The annual rush to approve financial statements has exposed problems at companies ranging from chemical giant Chemours to toymaker Mattel this week.
Teflon maker Chemours on Thursday placed its chief executive officer and two top finance executives on leave as the company investigates financial practices that may have affected executive bonuses.
Agricultural products group Archer Daniels Midland, which put its chief financial officer on leave in January to investigate accounting practices in its food ingredients business, said on Friday it would take another two weeks to finalize audited figures for 2023. He said it was possible.
Meanwhile, New York Community Bancorp's stock price rose to 4.3% on Friday after the community lender announced it had discovered material weaknesses in internal controls that guide loan reviews and postponed the release of its annual report. It fell by a factor of 1.
Toy company Mattel said Thursday it also found weaknesses in its internal controls over financial reporting and said it would take more time to release its annual report.
So far this year, 16 companies with market capitalizations of more than $1 billion have said they will miss the annual report filing deadline, which is 60 days after the end of a large company's fiscal year, according to data provider AlphaSense.

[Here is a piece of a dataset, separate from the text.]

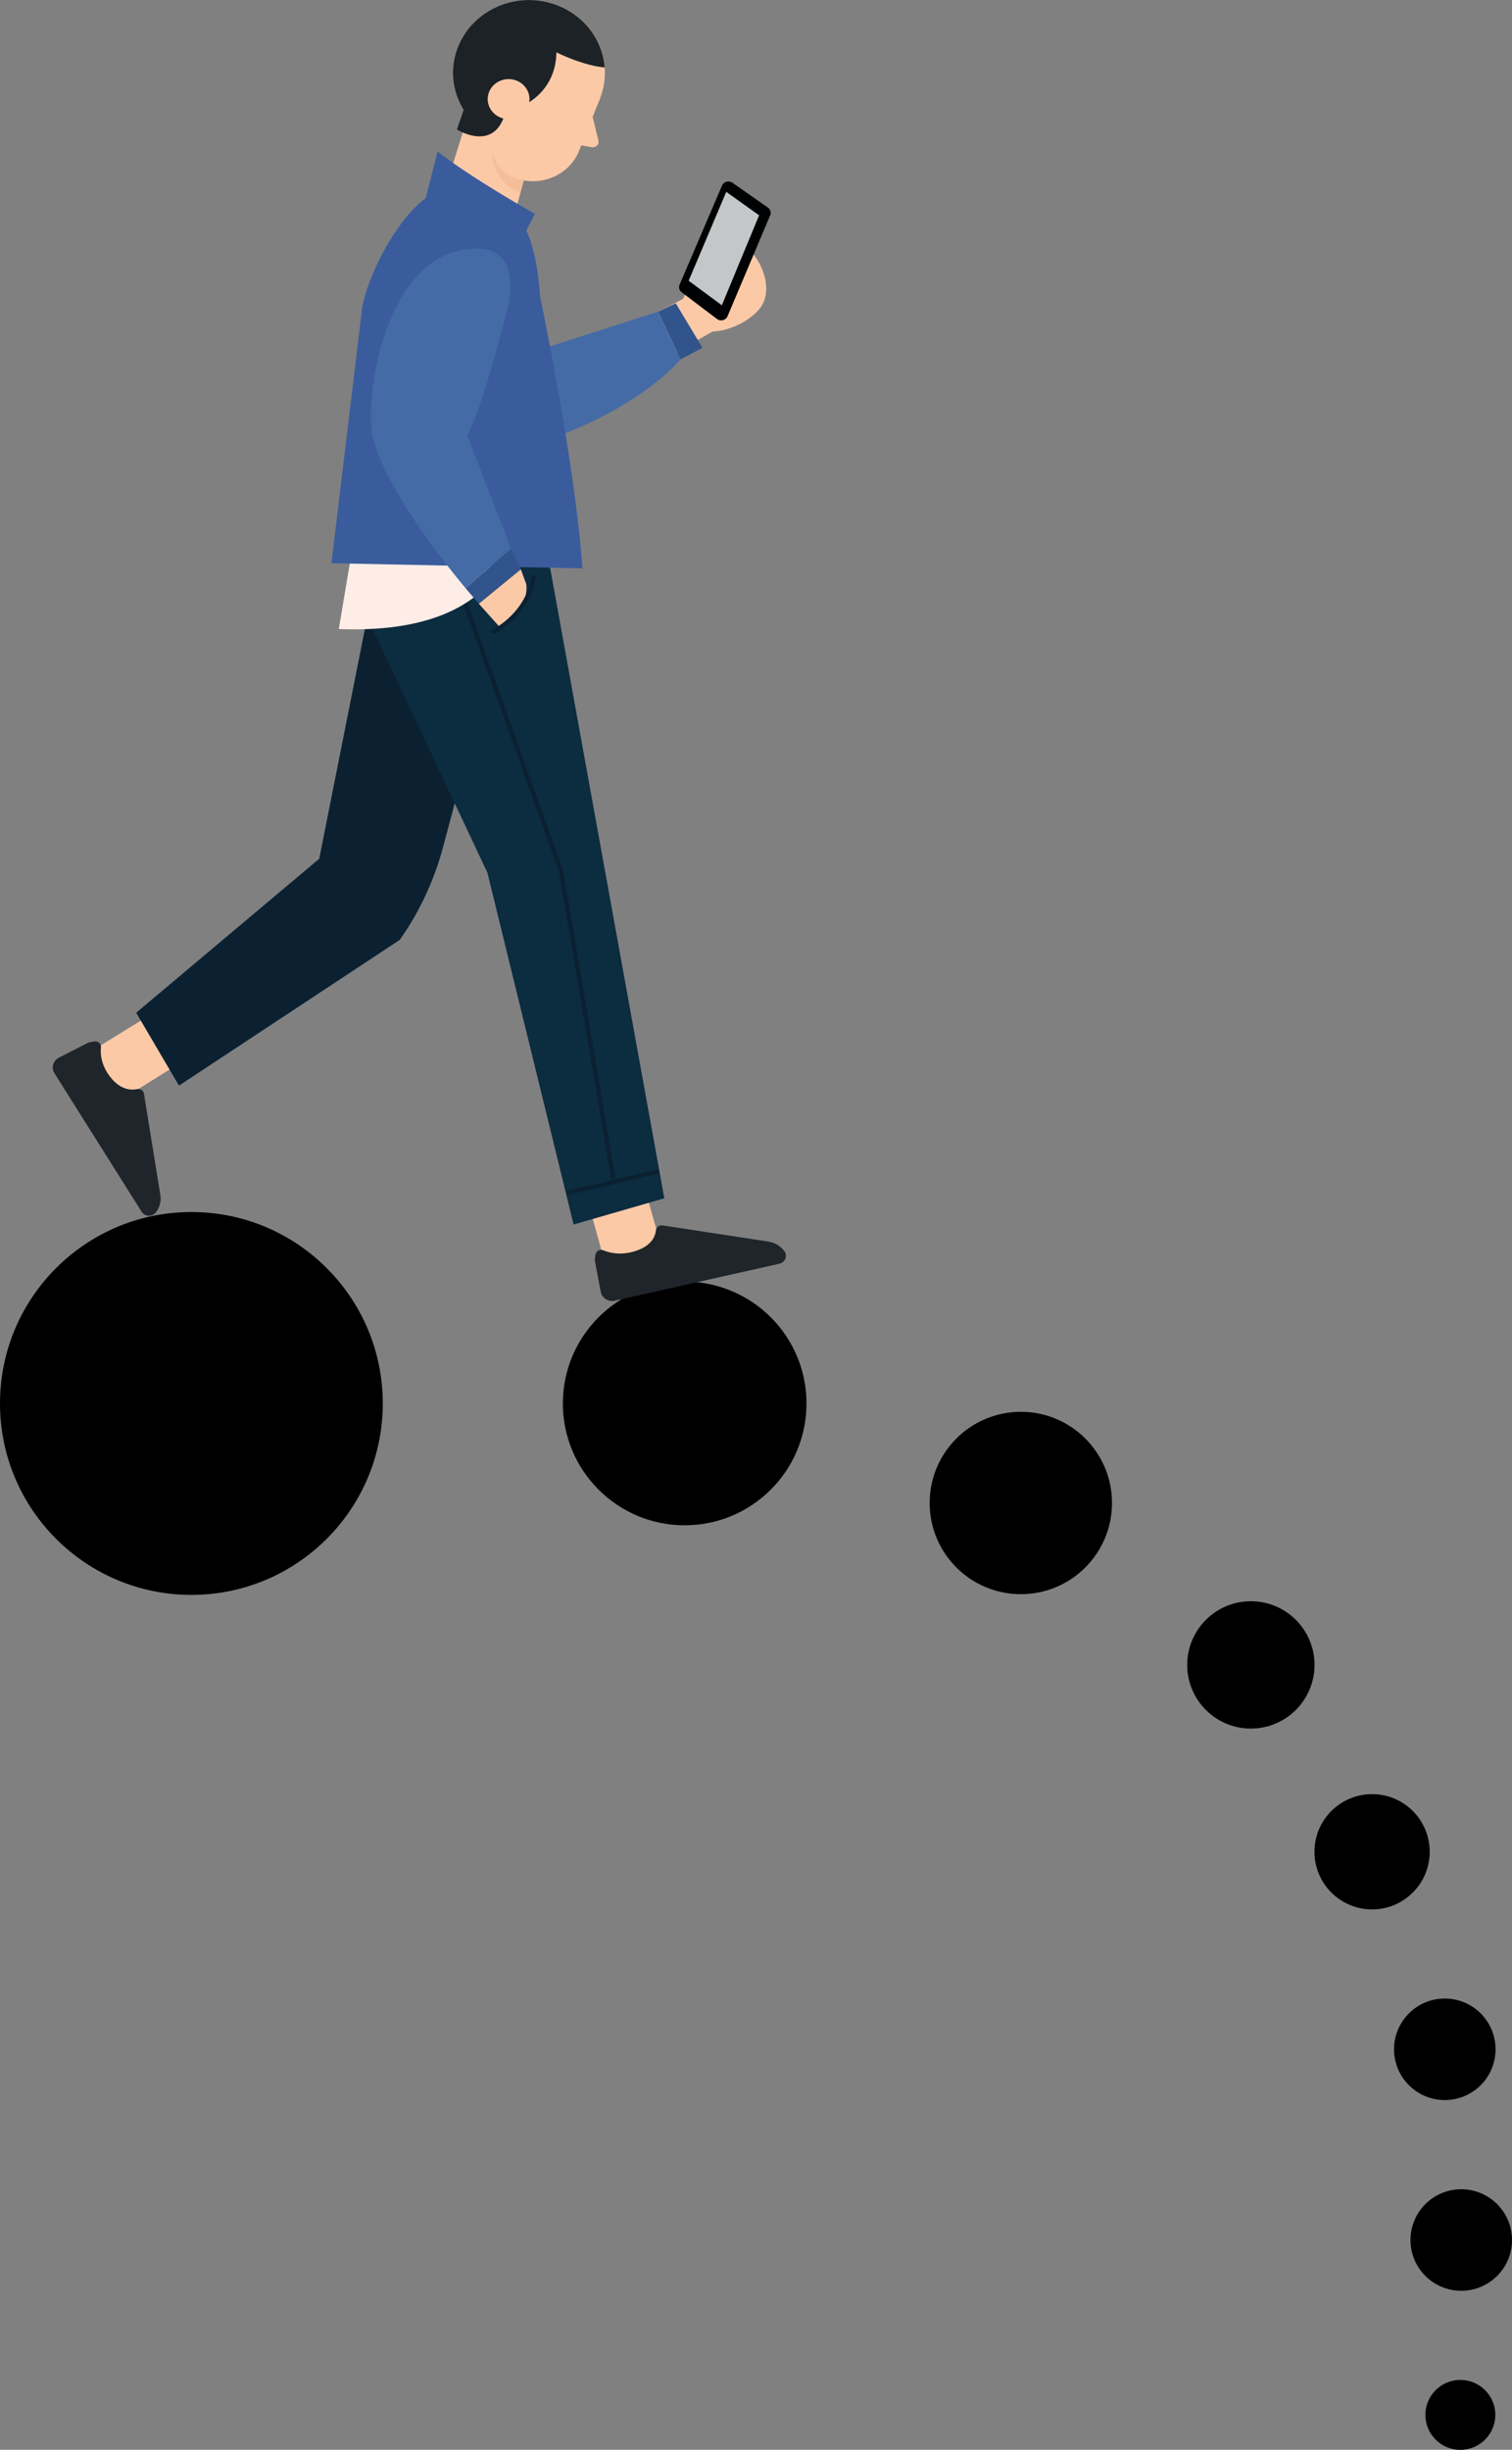 <?xml version="1.0" encoding="UTF-8"?><svg id="Livello_1" xmlns="http://www.w3.org/2000/svg" xmlns:xlink="http://www.w3.org/1999/xlink" viewBox="0 0 255.57 413.99"><rect x="0" y="0" width="255.57" height="413.99" fill="#808080" stroke="none"/><defs><style>.cls-1,.cls-2{fill:none;}.cls-3{clip-path:url(#clippath);}.cls-4{fill:#f4be9a;}.cls-5{fill:#000102;}.cls-6{fill:#feede7;}.cls-7{fill:#fcc9a7;}.cls-8{fill:#c3c7c8;}.cls-9{fill:#1f252a;}.cls-10{fill:#0b2132;}.cls-11{fill:#1c2226;}.cls-12{fill:#0c2c40;}.cls-13{fill:#31548c;}.cls-14{fill:#3a5c9d;}.cls-15{fill:#456ba6;}.cls-2{stroke:#0b2132;stroke-linecap:round;stroke-linejoin:round;stroke-width:.74px;}</style><clipPath id="clippath"><path class="cls-1" d="M101.4,16.7c-2.54,6.34-9.96,9.52-16.58,7.09-6.62-2.43-9.94-9.54-7.4-15.88S87.37-1.61,93.99,.82c6.62,2.43,9.94,9.54,7.4,15.88Z"/></clipPath></defs><circle cx="32.35" cy="237.17" r="32.35"/><circle cx="115.73" cy="237.17" r="20.59"/><circle cx="172.55" cy="253.99" r="15.41"/><circle cx="211.43" cy="281.35" r="10.76"/><circle cx="231.92" cy="312.93" r="9.74"/><circle cx="244.21" cy="346.31" r="8.58"/><circle cx="246.99" cy="378.54" r="8.58"/><circle cx="246.84" cy="408.09" r="5.91"/><g><g><g><polygon class="cls-7" points="24.12 172.28 14.54 178.18 20.87 185.6 30.25 179.75 24.12 172.28"/><polygon class="cls-7" points="99.48 203.41 102.4 213.96 111.72 210.47 108.79 200.12 99.48 203.41"/><path class="cls-10" d="M82.29,115.42l-7.42,27.8c-1.49,5.57-3.95,10.85-7.3,15.61l-37.32,24.63-7.23-12.32,30.94-26.02,10.03-50.48,18.3,20.78Z"/><path class="cls-9" d="M15.91,176c.63-.13,1.21,.36,1.15,.97-.12,1.2,.05,3.12,1.65,5.12,1.66,2.07,3.39,2.17,4.44,1.96,.55-.11,1.09,.22,1.18,.75l2.77,17.13c.17,1.04-.1,2.1-.75,2.95h0c-.61,.8-1.87,.74-2.41-.1l-14.74-23.42c-.58-.92-.23-2.12,.76-2.63l4.87-2.49c.08-.04,.17-.07,.26-.09l.82-.16Z"/><path class="cls-12" d="M91.13,85.72l21.16,116.78-15.34,4.43-14.56-59.44-18.59-39.49c-.9-1.77-1.78-3.61-2.5-5.51-1.36-3.59-1.82-7.44-1.51-11.25l.61-7.55,30.73,2.02Z"/><path class="cls-9" d="M100.65,212.04c.07-.61,.73-.99,1.32-.75,1.16,.47,3.12,.91,5.59,.07,2.57-.88,3.2-2.42,3.31-3.44,.06-.54,.55-.93,1.11-.84l17.88,2.73c1.09,.17,2.06,.74,2.7,1.59h0c.61,.8,.16,1.94-.84,2.16l-27.8,6.24c-1.09,.25-2.18-.44-2.38-1.5l-.98-5.2c-.02-.09-.02-.17-.01-.26l.09-.8Z"/><line class="cls-2" x1="96.1" y1="201.55" x2="111.07" y2="198"/><line class="cls-2" x1="60.57" y1="86.47" x2="91.15" y2="88.48"/><polyline class="cls-2" points="73.42 87.31 94.84 147.23 103.64 199"/></g><path class="cls-6" d="M86.54,90.56s-1.17,16.85-29.27,15.74l2.52-15.06,26.75-.68Z"/><path class="cls-7" d="M118.74,45.7c2.66-3.01,3.98-6.79,7.13-4.25,3.14,2.55,5.04,7.89,2.38,10.9-2.66,3.01-8.51,5.07-11.66,2.52s-.51-6.16,2.15-9.17Z"/><polygon class="cls-7" points="119.19 48.59 104.11 56.34 109.07 62.55 121.91 55.18 119.19 48.59"/><path class="cls-15" d="M115.02,60.73s-9.72,12.08-34.42,16.73c-3.64,.69-6.01-13.02-6.01-13.02l36.65-11.78,3.77,8.06Z"/><path class="cls-14" d="M98.43,96.05l-42.41-.87,5.07-42.12c.46-6.37,8.47-21.55,15.12-21.11l.72,.05c9.92,.65,13.43,5.31,14.38,18.23,0,0,5.97,28.32,7.13,45.81Z"/><path class="cls-7" d="M82.27,38.69l-.99-.07c-3.27-.21-6.42-3.05-6.19-6.18l3.99-12.83,11.12,4.62-2.71,10.11c-.18,2.58-2.52,4.53-5.21,4.35Z"/><path class="cls-4" d="M83.22,24.75s-.76,5.64,4.73,7.84l.94-3.47-5.67-4.38Z"/><path class="cls-7" d="M101.4,16.7c-2.54,6.34-9.96,9.52-16.58,7.09-6.62-2.43-9.94-9.54-7.4-15.88S87.37-1.61,93.99,.82c6.62,2.43,9.94,9.54,7.4,15.88Z"/><path class="cls-7" d="M87.08,30.1h0c-3.15-1.15-4.72-4.53-3.52-7.54l4.39-11,13.52,4.95-3.58,8.96c-1.65,4.14-6.49,6.21-10.81,4.62Z"/><path class="cls-7" d="M100.02,19.14l1.14,4.66c.13,.74-.65,1.3-1.41,1.02l-3.26-.56,3.53-5.11Z"/><g class="cls-3"><path class="cls-11" d="M88.59,17.73s5.34-2.2,5.46-8.88c0,0,8.23,4.1,11.22,1.93,0,0-1.61-16.73-17.72-14.69-16.11,2.04-15.81,18.87-15.81,18.87l9.81,7.07,7.04-4.3Z"/></g><path class="cls-7" d="M89.26,17.95c-.7,1.74-2.74,2.62-4.56,1.95-1.82-.67-2.73-2.62-2.03-4.36s2.74-2.62,4.56-1.95c1.82,.67,2.73,2.62,2.03,4.36Z"/><path class="cls-11" d="M79.15,16.3l-1.91,5.58s5.66,3.6,7.84-1.84l-3.93-.71-2-3.03Z"/><path class="cls-14" d="M87.58,41.58l2.85-5.43s-10.55-5.92-16.47-10.54l-2,7.88s5.56,11.44,15.61,8.09Z"/><path class="cls-15" d="M81.17,42.04s7.27-.33,4.43,10.79c-2.84,11.12-4.88,16.74-4.88,16.74l-1.73,4.05,7.39,19.1-7.71,6.65s-15.32-18.02-15.92-27.37c-.6-9.36,3.98-30.68,18.42-29.96Z"/><polygon class="cls-13" points="111.25 52.67 114.22 51.25 118.74 58.77 115.02 60.73 111.25 52.67"/><polygon class="cls-13" points="86.38 92.73 88.04 96.22 80.95 102.03 78.67 99.38 86.38 92.73"/><path class="cls-7" d="M88.04,96.22l.89,2.43s.91,4.02-4.28,7.52l-3.71-4.14,7.09-5.81Z"/><path class="cls-2" d="M90.19,97.6s-.52,5.64-6.8,9.17"/></g><g><path class="cls-5" d="M130.18,36.39l-7.21,17.06c-.29,.69-1.19,.91-1.79,.45l-5.96-4.51c-.41-.31-.55-.83-.35-1.29l7.17-16.74c.29-.67,1.15-.9,1.76-.48l6,4.2c.43,.3,.59,.84,.39,1.31Z"/><polygon class="cls-8" points="122.76 32.42 128.31 36.39 122.01 51.59 116.4 47.44 122.76 32.42"/></g></g></svg>

This is almost double the number from last year, when nine companies said they needed additional time.
Auditors at large U.S. companies must approve not only the annual numbers themselves, but also the internal controls and systems the companies used to create them. Regulators require investors to be prominently notified of these control weaknesses.
Chemours identified “one or more” potentially material weaknesses in its internal controls, as well as a range of issues including how whistleblower complaints were handled and whether senior management was setting the appropriate “tone at the top.” He said he was investigating.
In addition to Chief Executive Officer Mark Newman, the company has placed Chief Financial Officer Jonathan Locke and Controller Camella Weisel on leave.
Chemours, which was spun off from DuPont in 2015, said it is examining how working capital is managed and how that impacts the financial metrics underlying executive bonuses. The company's shares fell 32% on Thursday, wiping $1.4 billion off its market capitalization. The stock rose 5.6% on Friday, but remains 28% below its pre-news level.